Hes catching some heat for that trayvon line ...
Rick Ross doesn't want to be misunderstood.
His sixth solo album
Mastermind was made available for
streaming on iTunes last night and already the larger-than-life rapper's rhymes are being scrutinized. Namely a line on the album's eleventh track "Black & White," on which the Miami MC makes a questionable reference to slain teenager Trayvon Martin.
"Trayvon Martin, I’m never missing my target," he raps, referencing the Florida boy who was killed two years ago today by George Zimmerman. Now, six days before the March 4 release of
Mastermind, Ross clarifies the meaning behind his controversial words.
"It's so important that today, on the two-year anniversary of the death of Trayvon Martin, we never forget that tragedy," Ross says in a quote emailed exclusively to VIBE. "I'm never going to let the world forget that name.
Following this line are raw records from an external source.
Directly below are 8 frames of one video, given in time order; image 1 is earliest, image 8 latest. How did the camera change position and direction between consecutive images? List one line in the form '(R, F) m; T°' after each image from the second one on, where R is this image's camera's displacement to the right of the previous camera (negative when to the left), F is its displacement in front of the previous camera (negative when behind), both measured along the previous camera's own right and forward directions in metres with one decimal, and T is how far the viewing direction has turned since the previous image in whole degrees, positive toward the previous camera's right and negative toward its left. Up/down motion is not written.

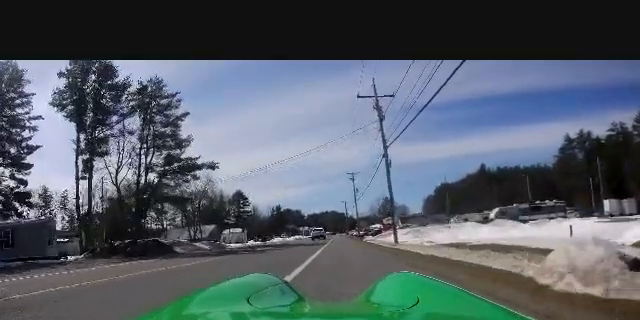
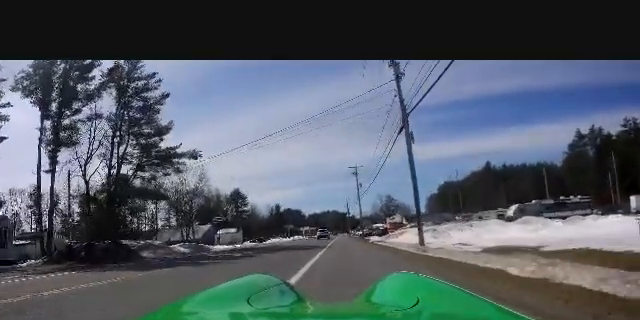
(-0.1, +6.3) m; -1°
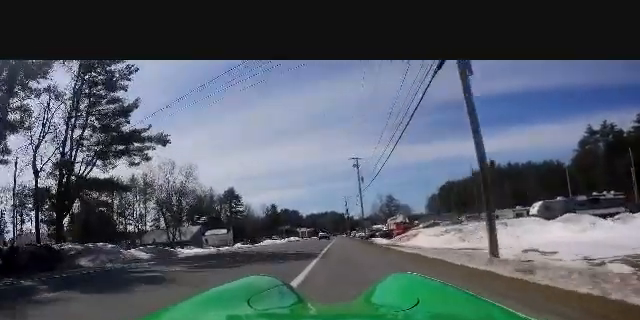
(0.0, +7.6) m; -2°
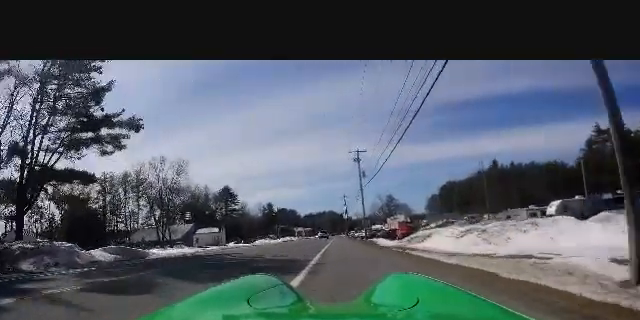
(-0.2, +4.7) m; +1°
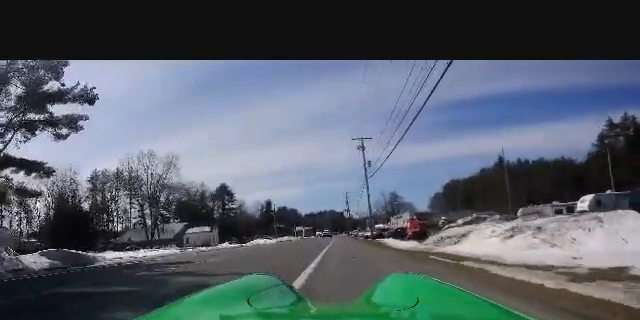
(-0.2, +6.3) m; +1°
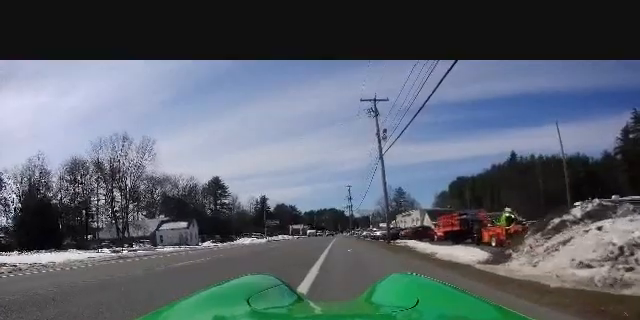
(+0.5, +12.3) m; +1°
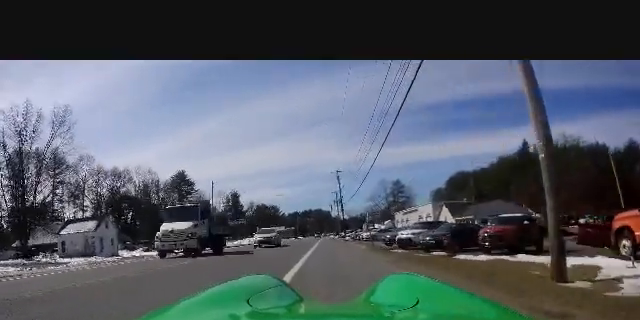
(+0.3, +23.8) m; +1°
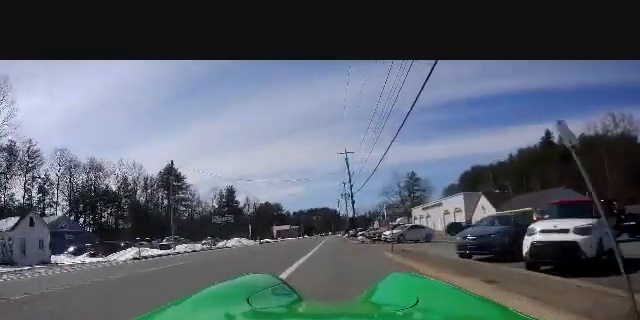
(-0.3, +14.2) m; -1°
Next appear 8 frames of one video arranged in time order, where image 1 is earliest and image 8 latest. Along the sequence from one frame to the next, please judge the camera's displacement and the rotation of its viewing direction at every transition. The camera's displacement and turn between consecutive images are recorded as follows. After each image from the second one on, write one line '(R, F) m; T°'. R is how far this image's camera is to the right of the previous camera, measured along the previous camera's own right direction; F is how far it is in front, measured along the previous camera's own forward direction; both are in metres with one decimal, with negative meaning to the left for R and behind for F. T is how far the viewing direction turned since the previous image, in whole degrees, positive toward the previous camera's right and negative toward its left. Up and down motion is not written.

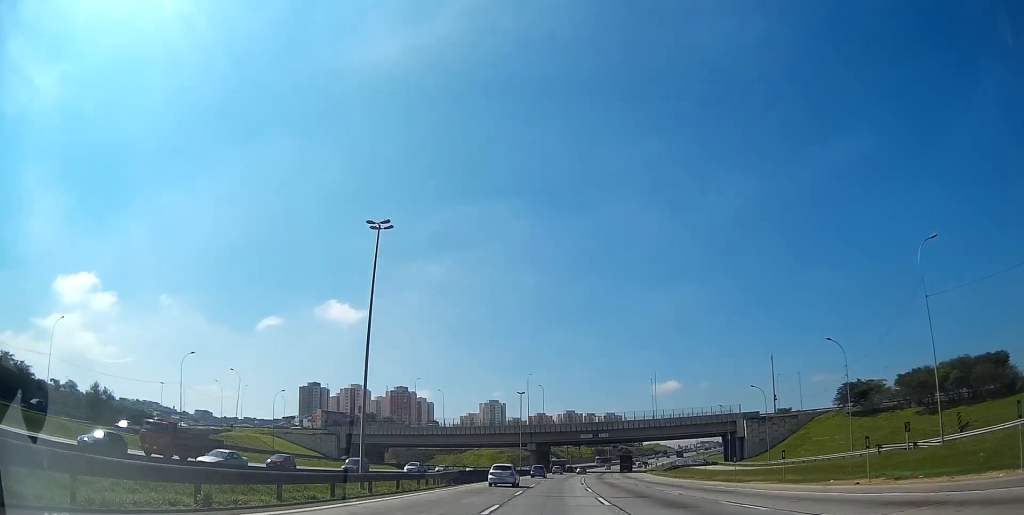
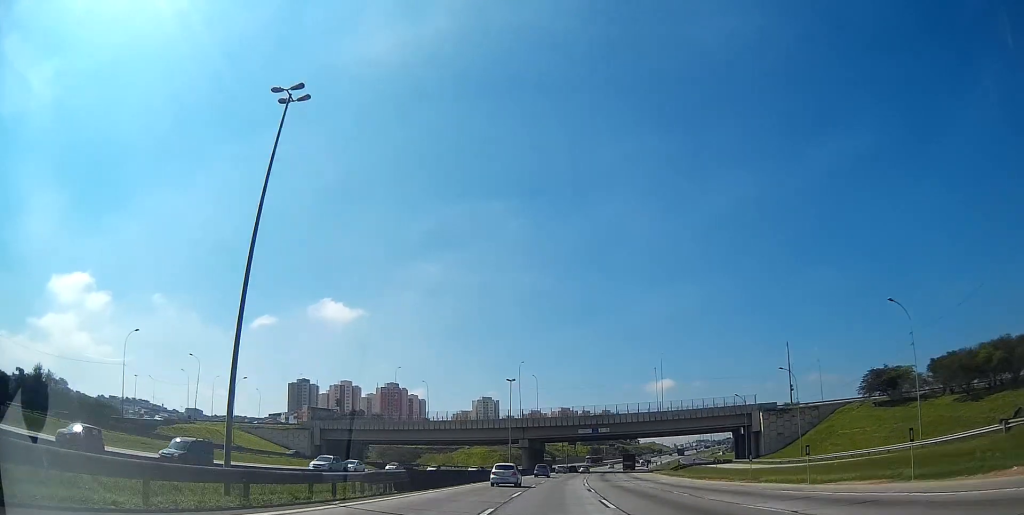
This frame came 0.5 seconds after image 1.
(0.0, +15.1) m; 0°
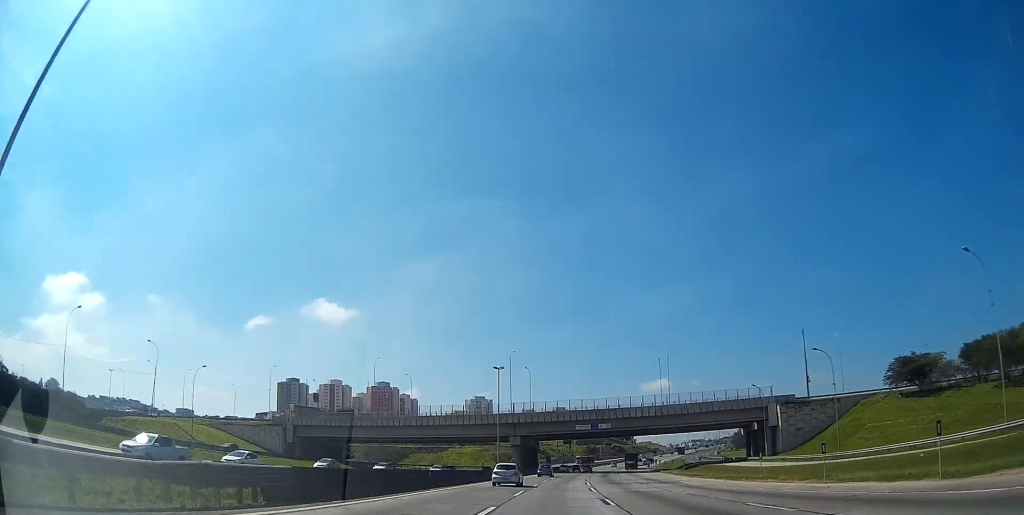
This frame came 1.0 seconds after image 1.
(0.0, +14.0) m; 0°
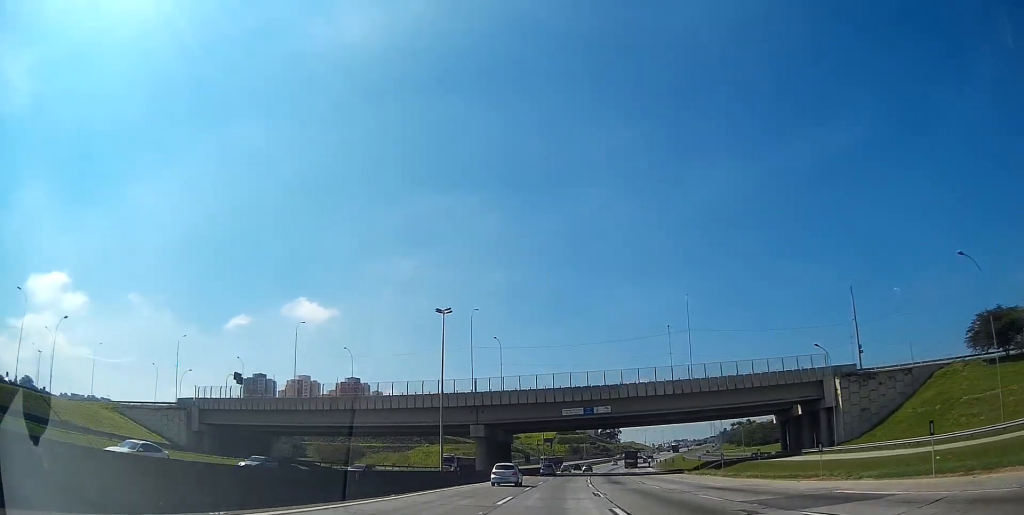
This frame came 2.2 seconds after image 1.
(+0.2, +33.1) m; +1°
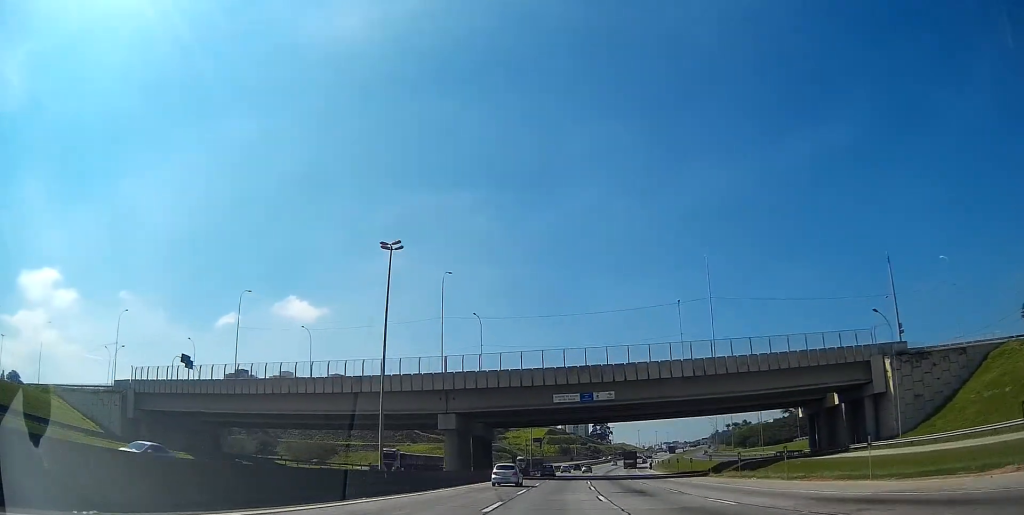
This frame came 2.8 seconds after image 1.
(+0.1, +16.0) m; +1°
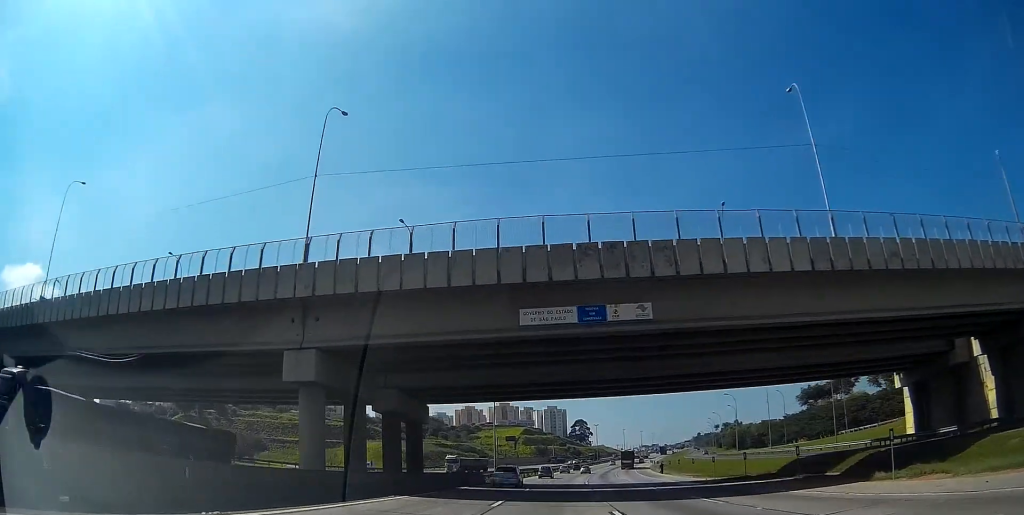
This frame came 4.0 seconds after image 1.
(+0.7, +35.5) m; +2°
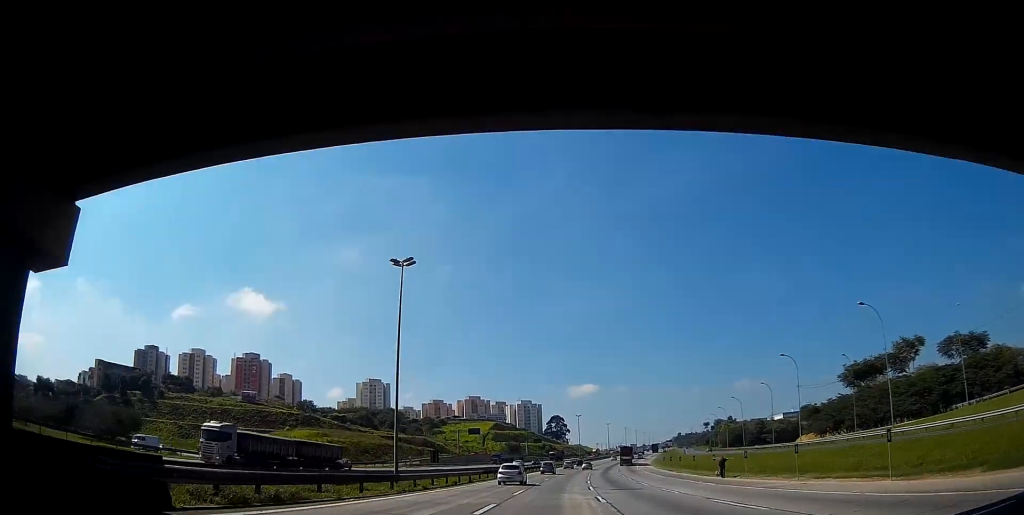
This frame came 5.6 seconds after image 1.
(+0.6, +45.5) m; +3°
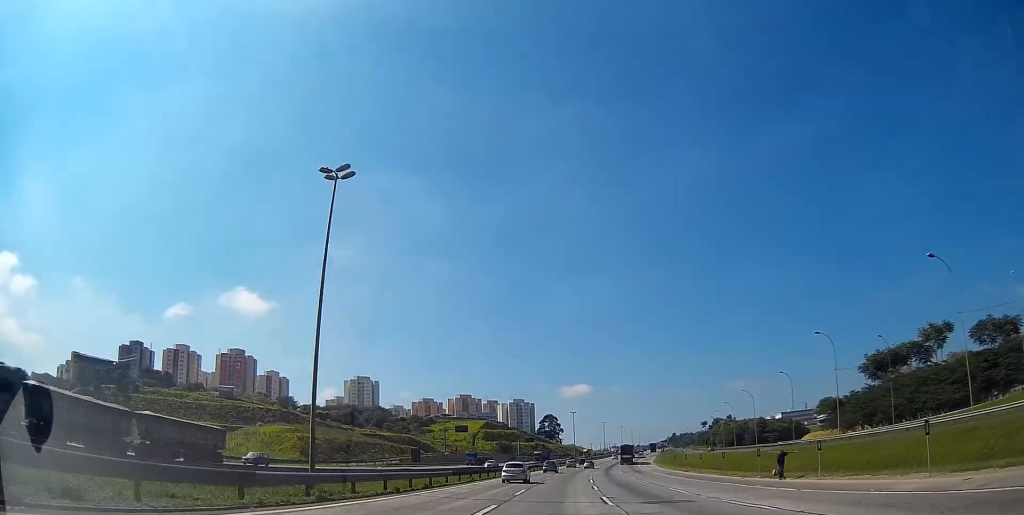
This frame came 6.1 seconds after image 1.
(+0.5, +13.7) m; +2°

In my song 'Black and White' off
Mastermind I say, 'Trayvon Martin, I'm never missing my target'. There I'm reminding people that if you're a black person or a person of any color for that matter in this country, you have to be accurate, whatever moves you make, stay accurate. Even when you're walking down the street, playing music from your car, you have to stay on point."
He continues: "Black men are being killed and their killers [are] beating the trial. It hasn't been this much violence against black men since the '60s. I am Trayvon Martin, we're all Trayvon Martin. He was from South Florida. That could have been me or one of my homies. So, stay alert and never miss your target. Whatever that target may be. Getting out the hood, providing from your family. Stay sharp. Stay alive. Trayvon, Rest in Peace."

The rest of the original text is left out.